■ Goal of the exercise ■
For the records below, count the lines containing the word "style" and reply with the number alone.

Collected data
=== Begin Enclosure ===

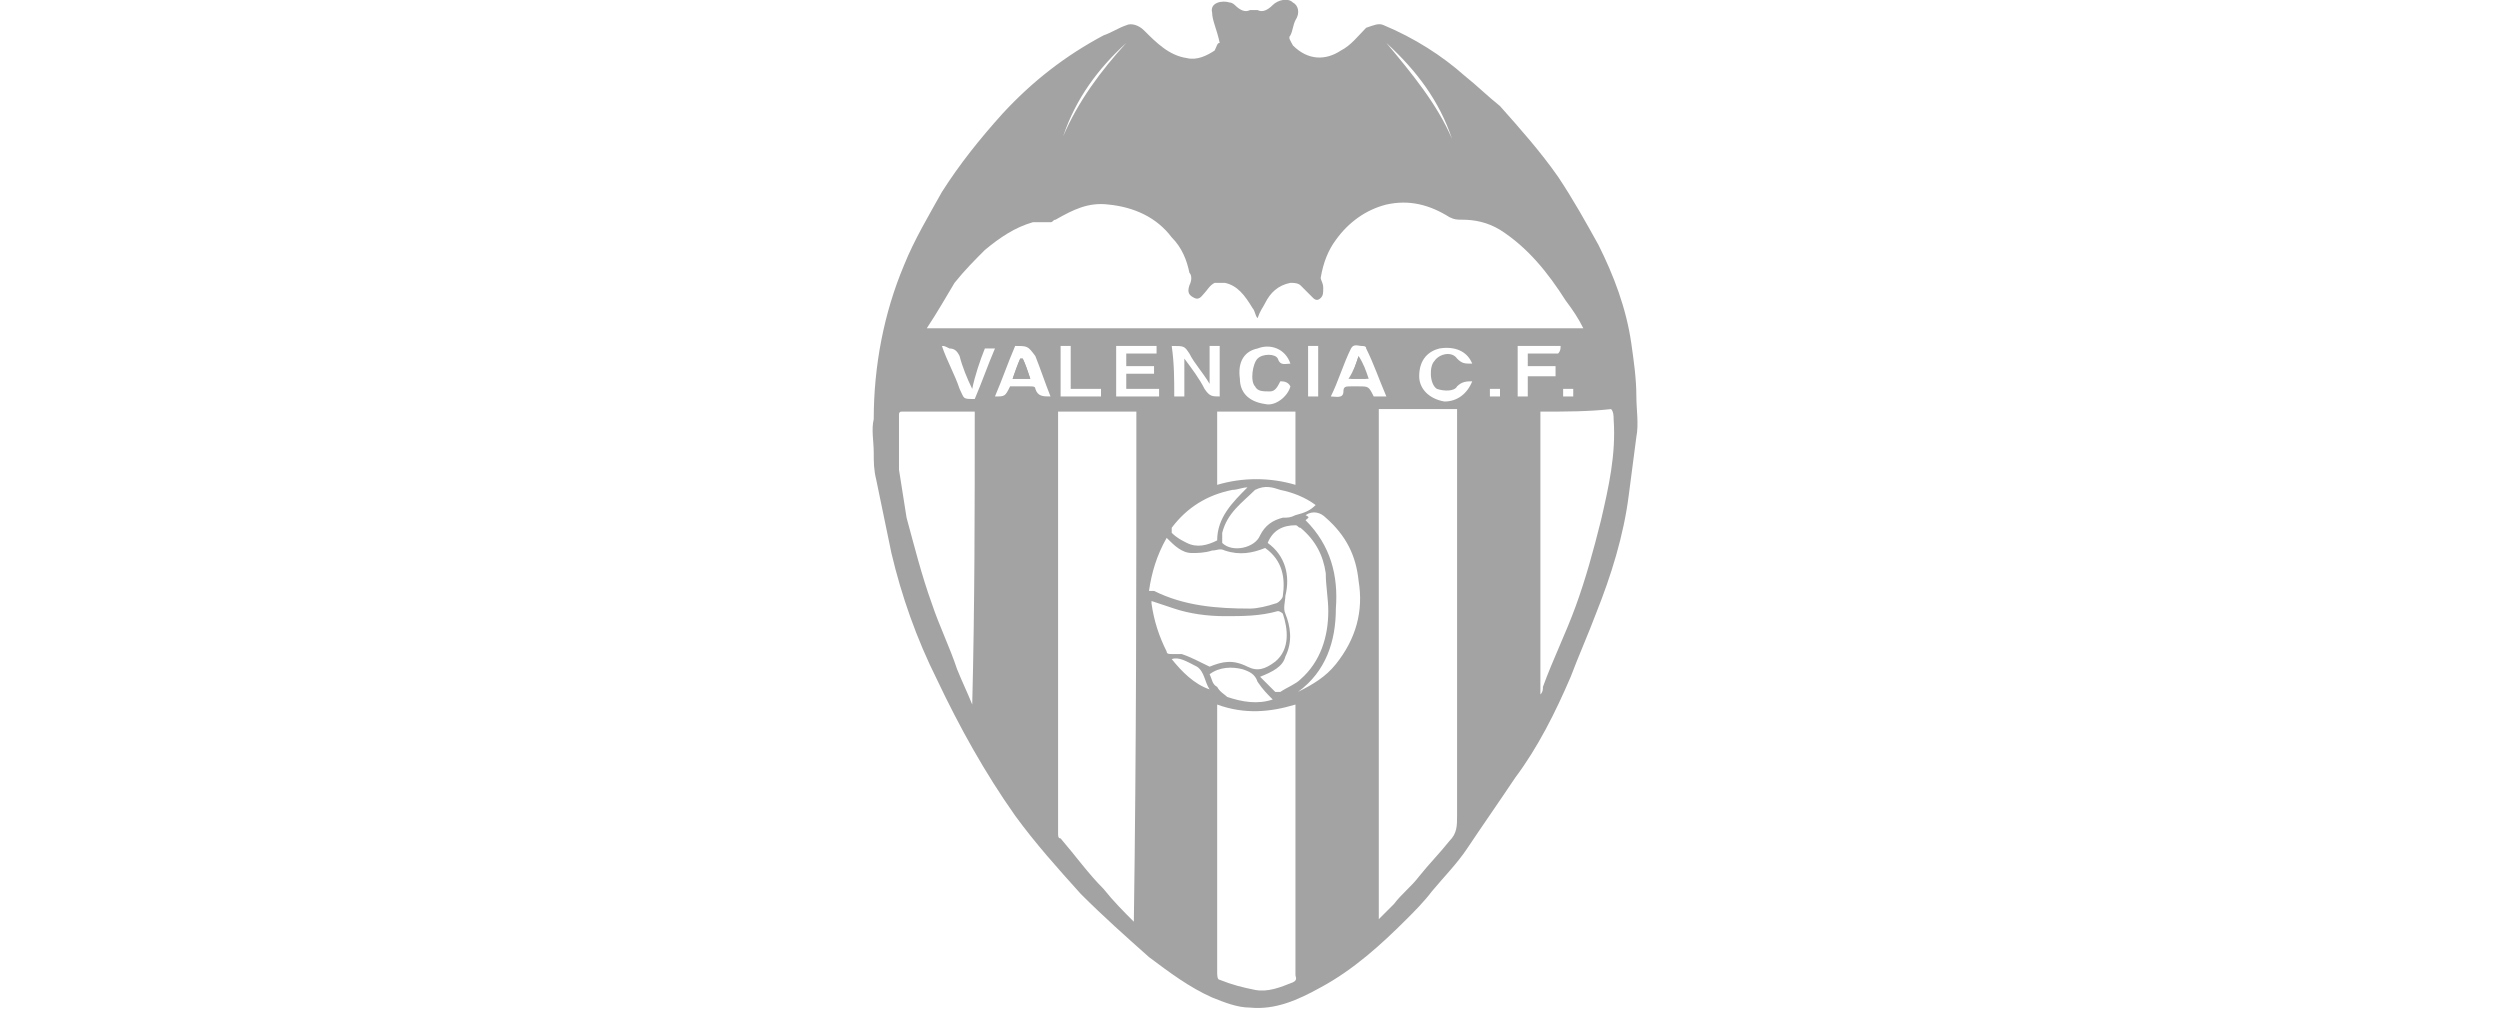 <?xml version="1.0" encoding="utf-8"?>
<!-- Generator: Adobe Illustrator 22.0.1, SVG Export Plug-In . SVG Version: 6.00 Build 0)  -->
<svg version="1.1" id="Layer_1" xmlns="http://www.w3.org/2000/svg" xmlns:xlink="http://www.w3.org/1999/xlink" x="0px" y="0px"
	 viewBox="0 0 99 40" style="enable-background:new 0 0 99 40;" xml:space="preserve">
<style type="text/css">
	.st0{fill:#A3A3A3;}
</style>
<g id="_x33_ba31k_1_">
	<g>
		<path class="st0" d="M48.3,1.7C48.2,1.2,48,0.8,48,0.5c-0.1-0.4,0.4-0.5,0.7-0.4c0.1,0,0.2,0.1,0.2,0.1c0.2,0.2,0.4,0.3,0.6,0.2
			c0.1,0,0.2,0,0.3,0c0.2,0.1,0.4,0,0.6-0.2C50.6,0,51-0.1,51.2,0.1c0.2,0.1,0.3,0.4,0.1,0.7c-0.1,0.2-0.1,0.4-0.2,0.6
			c-0.1,0.1,0,0.2,0.1,0.4c0.6,0.6,1.3,0.6,1.9,0.2c0.4-0.2,0.7-0.6,1-0.9C54.4,1,54.6,0.9,54.8,1C56,1.5,57.1,2.2,58,3
			c0.5,0.4,0.9,0.8,1.4,1.2C60.2,5.1,61,6,61.7,7c0.6,0.9,1.1,1.8,1.6,2.7c0.6,1.2,1.1,2.5,1.3,3.9c0.1,0.7,0.2,1.4,0.2,2.1
			c0,0.5,0.1,1.1,0,1.6c-0.1,0.8-0.2,1.5-0.3,2.3c-0.2,1.6-0.7,3.2-1.3,4.7c-0.3,0.8-0.7,1.7-1,2.5c-0.6,1.4-1.3,2.8-2.2,4
			c-0.6,0.9-1.3,1.9-1.9,2.8c-0.4,0.6-0.9,1.1-1.4,1.7c-0.3,0.4-0.7,0.8-1,1.1c-1,1-2.1,2-3.4,2.7c-0.9,0.5-1.8,0.9-2.8,0.8
			c-0.5,0-1-0.2-1.5-0.4c-0.9-0.4-1.7-1-2.5-1.6c-0.9-0.8-1.8-1.6-2.7-2.5c-0.9-1-1.8-2-2.6-3.1c-1.2-1.7-2.2-3.5-3.1-5.4
			c-0.8-1.6-1.4-3.3-1.8-5c-0.2-1-0.4-1.9-0.6-2.9c-0.1-0.4-0.1-0.7-0.1-1.1c0-0.4-0.1-0.9,0-1.3c0-2.1,0.4-4.2,1.2-6.1
			c0.4-1,1-2,1.5-2.9c0.7-1.1,1.5-2.1,2.4-3.1c1.2-1.3,2.5-2.3,4-3.1C44,1.3,44.3,1.1,44.6,1c0.2-0.1,0.5,0,0.7,0.2
			c0.5,0.5,1,1,1.7,1.1c0.4,0.1,0.8-0.1,1.1-0.3C48.2,1.8,48.2,1.7,48.3,1.7z M36.7,13c8.7,0,17.3,0,26,0c-0.2-0.4-0.4-0.7-0.7-1.1
			c-0.7-1.1-1.5-2.1-2.6-2.8c-0.5-0.3-1-0.4-1.5-0.4c-0.2,0-0.3,0-0.5-0.1c-0.8-0.5-1.6-0.7-2.5-0.5c-0.8,0.2-1.5,0.7-2,1.4
			c-0.3,0.4-0.5,0.9-0.6,1.5c0,0.1,0.1,0.2,0.1,0.4c0,0.2,0,0.3-0.1,0.4c-0.1,0.1-0.2,0.1-0.3,0c-0.2-0.2-0.3-0.3-0.5-0.5
			c-0.1-0.1-0.3-0.1-0.4-0.1c-0.5,0.1-0.8,0.4-1,0.8c-0.1,0.2-0.2,0.3-0.3,0.6c-0.1-0.1-0.1-0.3-0.2-0.4c-0.3-0.5-0.6-0.9-1.1-1
			c-0.1,0-0.3,0-0.4,0c-0.2,0.1-0.3,0.3-0.4,0.4c-0.1,0.1-0.2,0.3-0.4,0.2c-0.2-0.1-0.3-0.2-0.2-0.5c0.1-0.2,0.1-0.4,0-0.5
			c-0.1-0.5-0.3-1-0.7-1.4c-0.6-0.8-1.5-1.2-2.5-1.3c-0.8-0.1-1.4,0.2-2.1,0.6c-0.1,0-0.1,0.1-0.2,0.1c-0.2,0-0.5,0-0.7,0
			c-0.7,0.2-1.3,0.6-1.9,1.1c-0.4,0.4-0.8,0.8-1.2,1.3C37.5,11.7,37.1,12.4,36.7,13z M44.9,36.5C45,36.5,45,36.5,44.9,36.5
			C45,29.7,45,23,45,16.3c-1,0-2.1,0-3.1,0c0,0.1,0,0.1,0,0.2c0,5.5,0,11,0,16.5c0,0.1,0,0.2,0.1,0.2c0.6,0.7,1.1,1.4,1.7,2
			C44.1,35.7,44.5,36.1,44.9,36.5z M54.6,36.4c0.2-0.2,0.4-0.4,0.6-0.6c0.3-0.4,0.7-0.7,1-1.1c0.4-0.5,0.8-0.9,1.2-1.4
			c0.3-0.3,0.3-0.6,0.3-1c0-5.3,0-10.5,0-15.8c0-0.1,0-0.2,0-0.3c-1.1,0-2.1,0-3.1,0C54.6,23,54.6,29.7,54.6,36.4z M48.2,27.9
			c0,0.1,0,0.2,0,0.3c0,1.8,0,3.5,0,5.3c0,1.7,0,3.3,0,5c0,0.1,0,0.3,0.1,0.3c0.5,0.2,0.9,0.3,1.4,0.4c0.5,0.1,1-0.1,1.5-0.3
			c0.2-0.1,0.1-0.2,0.1-0.3c0-3.5,0-6.9,0-10.4c0-0.1,0-0.2,0-0.3C50.3,28.2,49.3,28.3,48.2,27.9z M38.6,16.3c-1,0-2,0-2.9,0
			c-0.1,0-0.1,0.1-0.1,0.1c0,0.7,0,1.5,0,2.2c0.1,0.6,0.2,1.3,0.3,1.9c0.3,1.1,0.6,2.3,1,3.4c0.3,0.9,0.7,1.7,1,2.6
			c0.2,0.5,0.4,0.9,0.6,1.4c0,0,0,0,0,0C38.6,24,38.6,20.1,38.6,16.3z M61,16.3c0,3.8,0,7.5,0,11.2c0.1-0.1,0.1-0.2,0.1-0.3
			c0.4-1.1,0.9-2.1,1.3-3.2c0.4-1.1,0.7-2.2,1-3.4c0.3-1.3,0.6-2.6,0.5-4c0-0.1,0-0.3-0.1-0.4C62.9,16.3,62,16.3,61,16.3z
			 M50.1,21.7c-0.5,0.2-1,0.3-1.6,0.1c-0.2-0.1-0.3,0-0.5,0c-0.3,0.1-0.6,0.1-0.8,0.1c-0.4,0-0.7-0.3-1-0.6
			c-0.4,0.7-0.6,1.4-0.7,2.1c0.1,0,0.1,0,0.2,0c1.2,0.6,2.5,0.7,3.8,0.7c0.3,0,0.7-0.1,1-0.2c0.1,0,0.3-0.2,0.3-0.3
			C50.9,22.9,50.8,22.2,50.1,21.7z M49.9,26.8c0.2,0.2,0.4,0.4,0.6,0.6c0,0,0.2,0,0.2,0c0.3-0.2,0.6-0.3,0.8-0.5
			c0.8-0.7,1.1-1.7,1.1-2.7c0-0.5-0.1-1-0.1-1.5c-0.1-0.7-0.4-1.3-1-1.8c-0.1,0-0.1-0.1-0.2-0.1c-0.5,0-0.9,0.2-1.1,0.7
			c0.7,0.5,0.9,1.3,0.7,2.1c0,0.2-0.1,0.5,0,0.7c0.2,0.5,0.3,1.1,0,1.7C50.8,26.4,50.4,26.6,49.9,26.8z M47.9,26.4
			c0.5-0.2,0.9-0.3,1.5,0c0.4,0.2,0.7,0.1,1.1-0.2c0.6-0.5,0.5-1.3,0.3-1.9c0,0-0.1-0.1-0.2-0.1c-0.7,0.2-1.4,0.2-2.1,0.2
			c-0.7,0-1.4-0.1-2-0.3c-0.3-0.1-0.6-0.2-0.9-0.3c0,0,0,0,0,0.1c0.1,0.7,0.3,1.3,0.6,1.9c0,0.1,0.1,0.1,0.2,0.1c0.1,0,0.3,0,0.4,0
			C47.1,26,47.5,26.2,47.9,26.4z M51.3,16.3c-1.1,0-2.1,0-3.1,0c0,1,0,1.9,0,2.9c1-0.3,2.1-0.3,3.1,0C51.3,18.2,51.3,17.3,51.3,16.3
			z M51.7,20.6c1,1,1.3,2.2,1.2,3.5c0,1.3-0.4,2.5-1.5,3.3c0.6-0.3,1.1-0.6,1.5-1.1c0.8-1,1.1-2.1,0.9-3.3c-0.1-1-0.5-1.8-1.3-2.5
			c-0.2-0.2-0.5-0.3-0.8-0.1C51.9,20.5,51.8,20.5,51.7,20.6z M52.1,20c-0.4-0.3-0.9-0.5-1.4-0.6c-0.3-0.1-0.6-0.2-1,0
			c-0.5,0.5-1.1,0.9-1.3,1.7c0,0.1,0,0.3,0,0.4c0.4,0.4,1.3,0.2,1.5-0.3c0.2-0.4,0.5-0.6,0.9-0.7c0.2,0,0.3,0,0.5-0.1
			C51.7,20.3,51.9,20.2,52.1,20z M49.4,19.3c-0.2,0-0.4,0.1-0.6,0.1c-1,0.2-1.8,0.7-2.4,1.5c0,0,0,0.2,0,0.2
			c0.2,0.2,0.4,0.3,0.6,0.4c0.4,0.2,0.8,0.1,1.2-0.1C48.2,20.5,48.8,19.9,49.4,19.3z M46.5,15.7c0.2,0,0.3,0,0.4,0c0-0.5,0-1,0-1.5
			c0.3,0.4,0.6,0.8,0.8,1.2c0.2,0.3,0.3,0.3,0.6,0.3c0-0.7,0-1.3,0-2c-0.1,0-0.3,0-0.4,0c0,0.5,0,1,0,1.5c-0.3-0.5-0.6-0.8-0.8-1.2
			c-0.2-0.3-0.2-0.3-0.7-0.3C46.5,14.4,46.5,15,46.5,15.7z M47.9,26.7c0.1,0.2,0.1,0.4,0.3,0.5c0.1,0.2,0.3,0.3,0.4,0.4
			c0.6,0.2,1.2,0.3,1.8,0.1c-0.2-0.2-0.4-0.4-0.6-0.7c-0.1-0.3-0.3-0.4-0.6-0.5C48.8,26.4,48.3,26.4,47.9,26.7z M44.2,13.7
			c0,0.7,0,1.4,0,2c0.6,0,1.1,0,1.7,0c0-0.1,0-0.2,0-0.3c-0.4,0-0.9,0-1.3,0c0-0.2,0-0.4,0-0.6c0.4,0,0.8,0,1.1,0c0-0.1,0-0.2,0-0.3
			c-0.4,0-0.7,0-1.1,0c0-0.2,0-0.3,0-0.5c0.4,0,0.8,0,1.2,0c0-0.1,0-0.2,0-0.3C45.3,13.7,44.7,13.7,44.2,13.7z M54.9,15.7
			c-0.3-0.7-0.5-1.3-0.8-1.9c0-0.1-0.1-0.1-0.2-0.1c-0.1,0-0.3-0.1-0.4,0.1c-0.3,0.6-0.5,1.3-0.8,1.9c0.2,0,0.5,0.1,0.5-0.2
			c0-0.2,0.1-0.2,0.3-0.2c0.1,0,0.2,0,0.3,0c0.4,0,0.4,0,0.6,0.4C54.6,15.7,54.7,15.7,54.9,15.7z M40.2,13.7c-0.3,0.7-0.5,1.3-0.8,2
			c0.4,0,0.4,0,0.6-0.4c0.3,0,0.5,0,0.8,0c0.1,0,0.2,0,0.2,0.1c0.1,0.3,0.3,0.3,0.6,0.3c-0.2-0.5-0.4-1.1-0.6-1.6
			C40.7,13.7,40.7,13.7,40.2,13.7z M50.7,15.1c-0.1,0.2-0.2,0.4-0.4,0.4c-0.3,0-0.5,0-0.6-0.2c-0.2-0.2-0.1-0.9,0.1-1.1
			c0.2-0.2,0.7-0.2,0.8,0c0.1,0.3,0.3,0.2,0.5,0.2c-0.2-0.6-0.8-0.8-1.3-0.6c-0.5,0.1-0.8,0.5-0.7,1.2c0,0.5,0.3,0.9,1,1
			c0.4,0.1,0.9-0.3,1-0.7C51,15.1,50.8,15.1,50.7,15.1z M58.3,15.1c-0.2,0-0.4,0-0.6,0.2c-0.1,0.2-0.5,0.2-0.8,0.1
			c-0.3-0.2-0.3-0.9-0.1-1.1c0.2-0.3,0.7-0.4,0.9-0.1c0.2,0.2,0.3,0.2,0.6,0.2c-0.2-0.5-0.7-0.7-1.3-0.6c-0.4,0.1-0.8,0.4-0.8,1.1
			c0,0.5,0.4,0.9,1,1C57.7,15.9,58.1,15.6,58.3,15.1z M61.8,13.7c-0.6,0-1.1,0-1.7,0c0,0.7,0,1.3,0,2c0.2,0,0.3,0,0.4,0
			c0-0.3,0-0.5,0-0.8c0.4,0,0.7,0,1.1,0c0-0.1,0-0.2,0-0.4c-0.4,0-0.7,0-1.1,0c0-0.2,0-0.3,0-0.5c0.4,0,0.8,0,1.2,0
			C61.8,13.9,61.8,13.8,61.8,13.7z M37.3,13.7c0.2,0.6,0.5,1.1,0.7,1.7c0.2,0.4,0.1,0.4,0.6,0.4c0.3-0.7,0.5-1.3,0.8-2
			c-0.2,0-0.3,0-0.4,0c-0.2,0.5-0.4,1.1-0.5,1.6c-0.2-0.4-0.4-0.9-0.5-1.3c-0.1-0.2-0.2-0.3-0.4-0.3C37.4,13.7,37.4,13.7,37.3,13.7z
			 M42,13.7c0,0.7,0,1.4,0,2c0.5,0,1.1,0,1.6,0c0-0.1,0-0.2,0-0.3c-0.4,0-0.8,0-1.2,0c0-0.6,0-1.2,0-1.7
			C42.3,13.7,42.1,13.7,42,13.7z M52.2,15.7c0-0.7,0-1.4,0-2c-0.1,0-0.2,0-0.4,0c0,0.7,0,1.3,0,2C51.9,15.7,52.1,15.7,52.2,15.7z
			 M47.9,27.3c-0.2-0.3-0.2-0.7-0.5-0.9c-0.4-0.2-0.7-0.4-1-0.3C46.8,26.6,47.3,27.1,47.9,27.3z M42.1,5.4c0.6-1.4,1.5-2.6,2.5-3.7
			C43.5,2.7,42.6,3.9,42.1,5.4z M57.5,5.5C57,4,56.1,2.8,54.9,1.7C55.9,2.9,56.9,4.1,57.5,5.5z M61.9,15.4c0,0.1,0,0.2,0,0.3
			c0.2,0,0.3,0,0.4,0c0-0.1,0-0.2,0-0.3C62.2,15.4,62.1,15.4,61.9,15.4z M59,15.4c0,0.1,0,0.2,0,0.3c0.2,0,0.3,0,0.4,0
			c0-0.1,0-0.2,0-0.3C59.3,15.4,59.2,15.4,59,15.4z"/>
		<path class="st0" d="M53.8,14.1c-0.1,0.3-0.2,0.6-0.3,0.9c0.2,0,0.4,0,0.7,0C54.1,14.7,54,14.4,53.8,14.1z"/>
		<path class="st0" d="M40.8,15c-0.1-0.3-0.2-0.6-0.3-0.8c0,0,0,0-0.1,0c-0.1,0.3-0.2,0.5-0.3,0.8C40.3,15,40.6,15,40.8,15z"/>
		<path class="st0" d="M53.8,14.1c0.1,0.3,0.2,0.6,0.3,0.9c-0.2,0-0.4,0-0.7,0C53.6,14.7,53.7,14.4,53.8,14.1z"/>
		<path class="st0" d="M40.8,15c-0.2,0-0.4,0-0.7,0c0.1-0.3,0.2-0.6,0.3-0.8c0,0,0,0,0.1,0C40.6,14.4,40.7,14.7,40.8,15z"/>
	</g>
</g>
</svg>

=== End Enclosure ===

■ Written response ■
3